The 2017 Aston Martin DB11 is unlike any other Gran Tourismo

In the 2017 DB11’s case, that wow-ness consists of an elegant exterior design, a perfectly tuned 12-cyclinder with an output of 600 horsepower and 516 lb-ft. of torque, and an interior so meticulously crafted it’s fit for a prince – or, of course, James Bond. The 007 connection can’t be avoided when you’re talking about Aston, but for a few lucky hours I got to play secret agent on a Very Important mission. I wasn’t saving the world, though, just trying to keep my driving license intact when faced with the temptation of a biturbo 5.2-liter.

The DB11 is the first model from Aston Martin’s “Second Century” platform. It replaces the DB9, a car which dates back all the way to 2003, and which used the VH – or “vertical/horizontal” – platform that also underpinned the Rapide four-door, Vanquish, and Vantage. It’s a huge investment for the British car firm, and the stakes are high: this is what Aston Martin models for some years to come will be based on.

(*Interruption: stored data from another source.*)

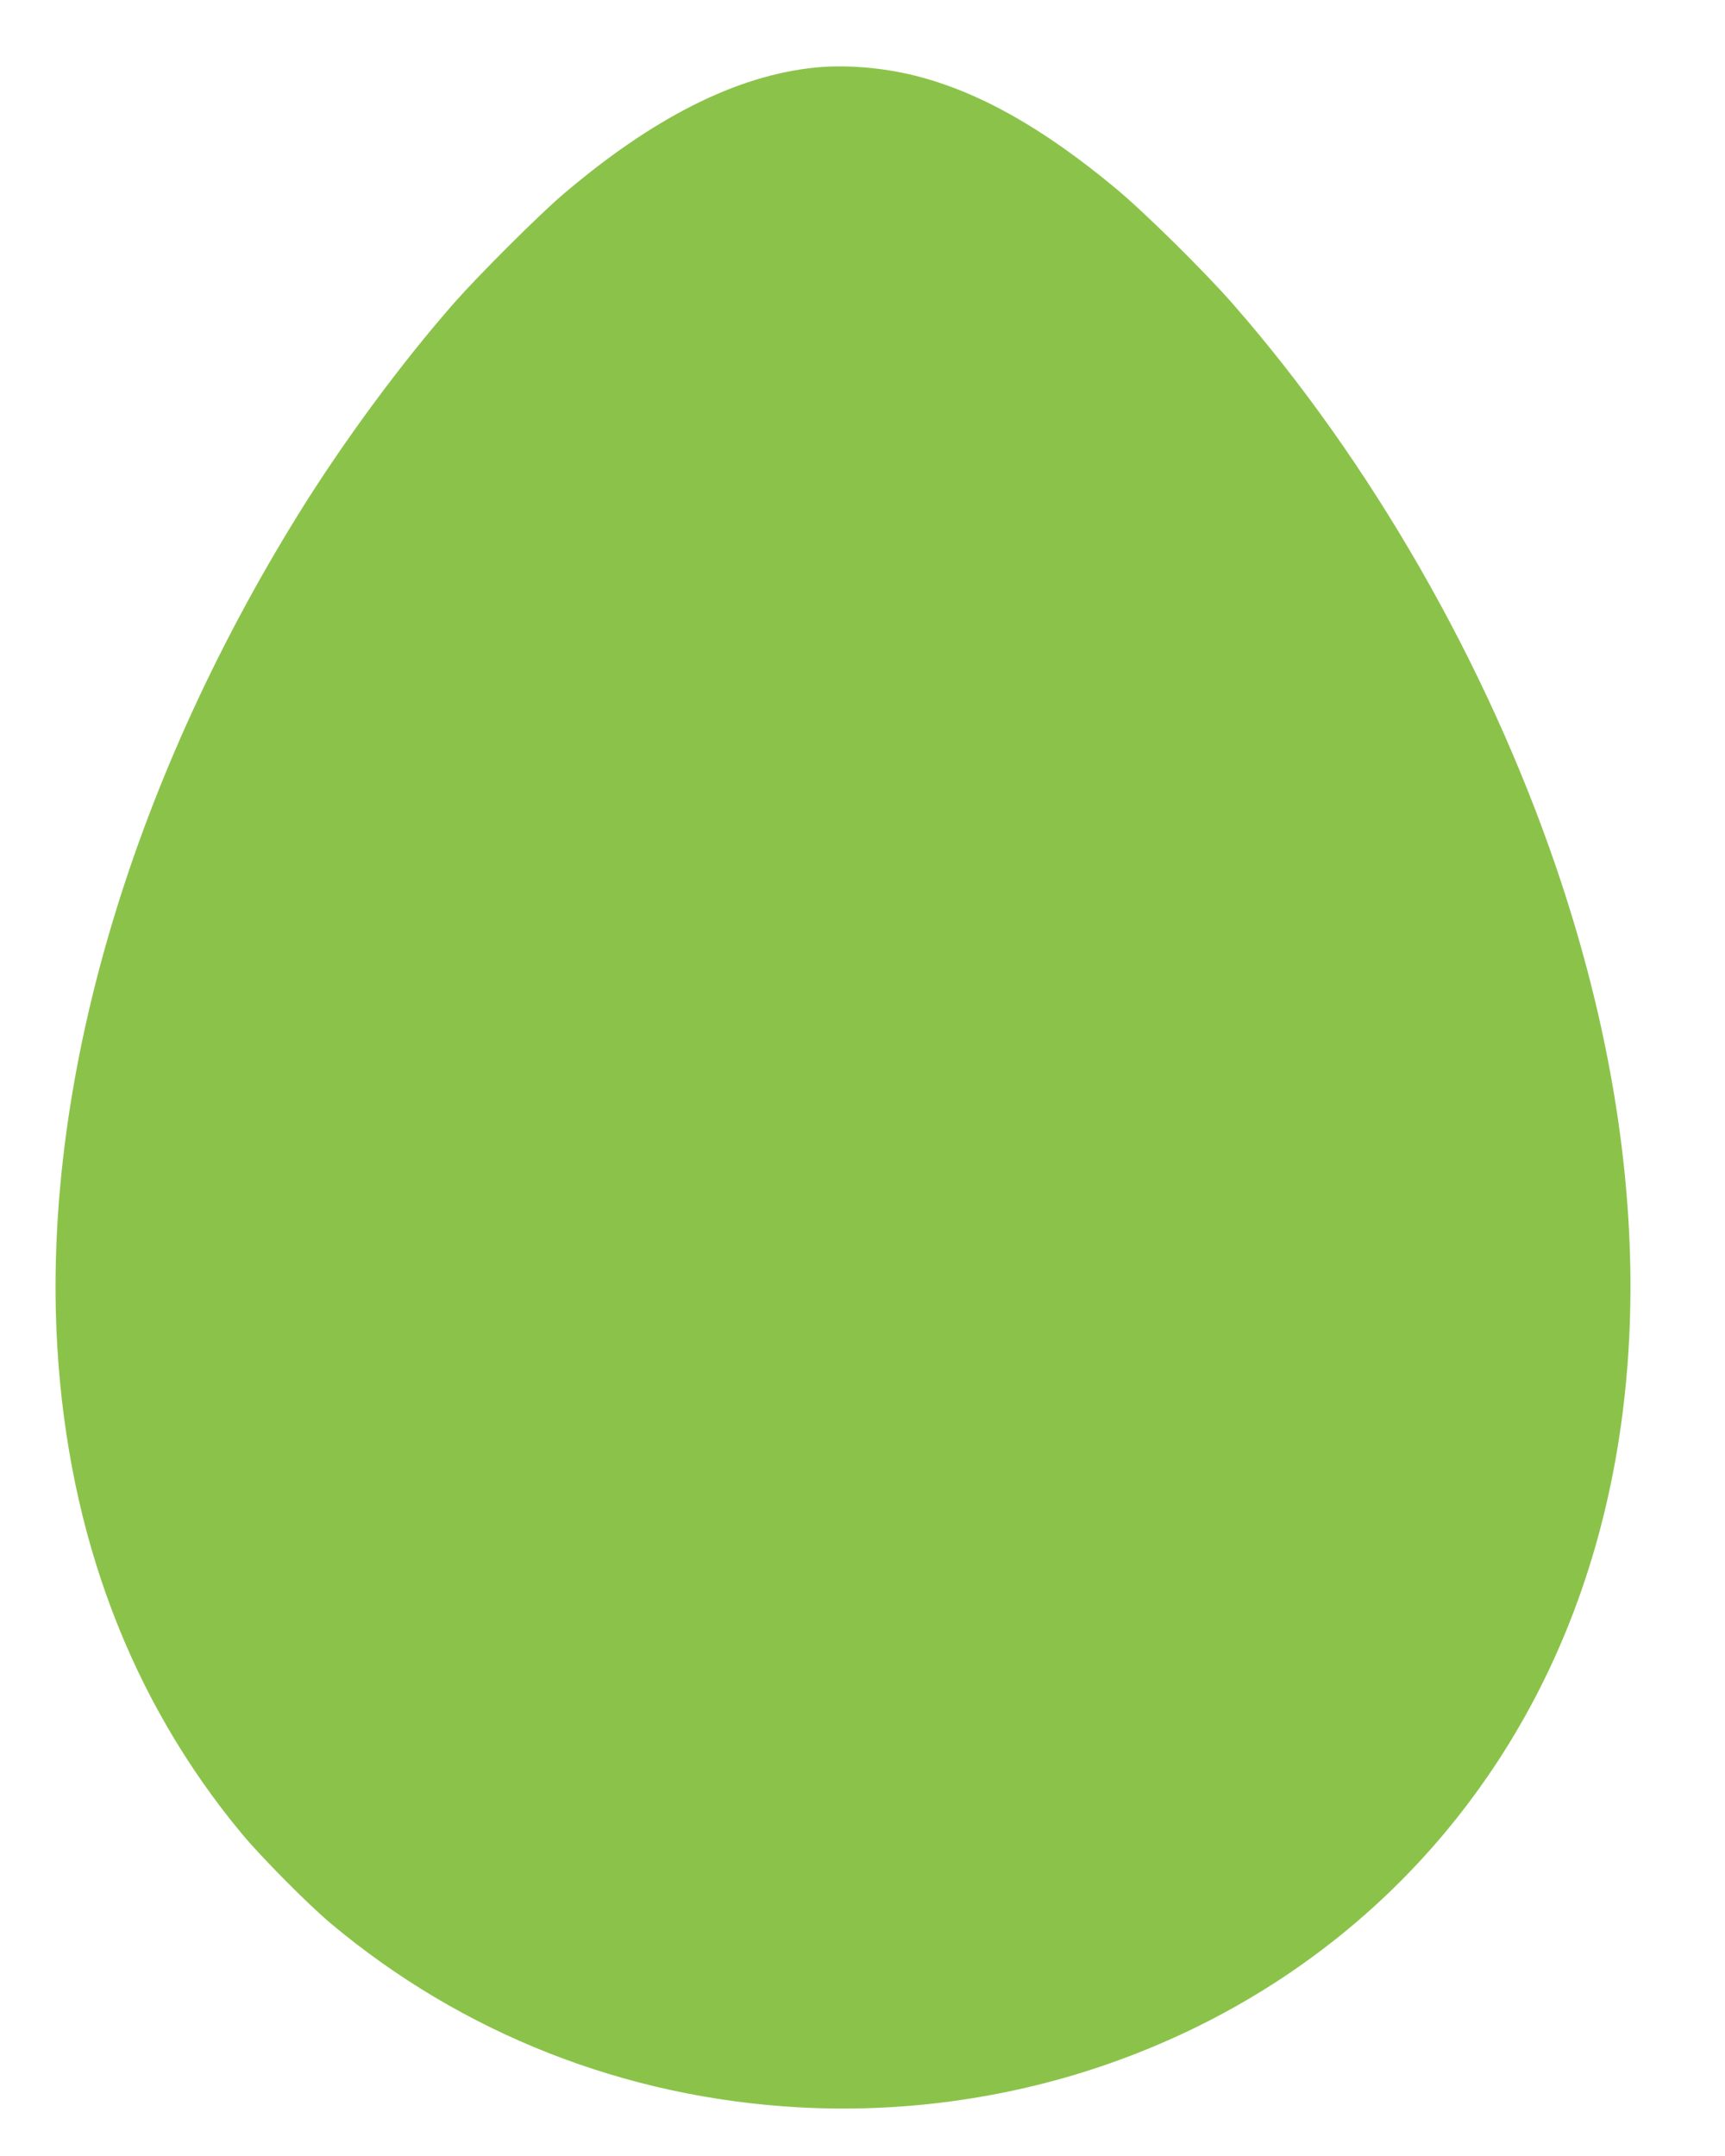 <?xml version="1.0" standalone="no"?>
<!DOCTYPE svg PUBLIC "-//W3C//DTD SVG 20010904//EN"
 "http://www.w3.org/TR/2001/REC-SVG-20010904/DTD/svg10.dtd">
<svg version="1.0" xmlns="http://www.w3.org/2000/svg"
 width="1024pt" height="1280pt" viewBox="0 0 1024 1280"
 preserveAspectRatio="xMidYMid meet">
<g transform="translate(0,1280) scale(0.1,-0.1)"
fill="#8bc34a" stroke="none">
<path d="M4840 12399 c-468 -47 -965 -298 -1501 -756 -142 -121 -499 -478
-640 -638 -318 -362 -662 -829 -926 -1255 -1009 -1628 -1524 -3404 -1433
-4943 66 -1121 436 -2098 1094 -2892 113 -137 398 -424 528 -533 782 -656
1745 -1035 2777 -1093 608 -34 1222 49 1794 242 1293 437 2294 1387 2789 2649
502 1279 474 2831 -82 4464 -412 1211 -1101 2414 -1921 3351 -168 192 -523
543 -694 685 -431 359 -814 575 -1190 670 -194 49 -414 67 -595 49z"/>
</g>
</svg>

That’s the future; the DB11 is the present, and if you’re very lucky you might see one up close. Turns out I was beyond lucky; just as I was about to carefully climb into the passenger seat, yielding the first leg of the drive to my drive partner, out of the corner of my eye I spotted a DB11 sitting blasphemously idle. So I did what any reasonable guy would do in this situation, and politely asked if I might take the unoccupied DB11 out on my own. A “yes” has never sounded so sweet to my ears than that unexpected moment.

I was the last to depart and it didn’t concern me one iota, feeling blessed and grateful to be behind the wheel of one of the most perfectly designed gran tourismo ever built. Hand-crafted in Aston’s factory in Gaydon, England, the twin-turbocharged 5.2-liter V12 engine roars to life with a push of a button.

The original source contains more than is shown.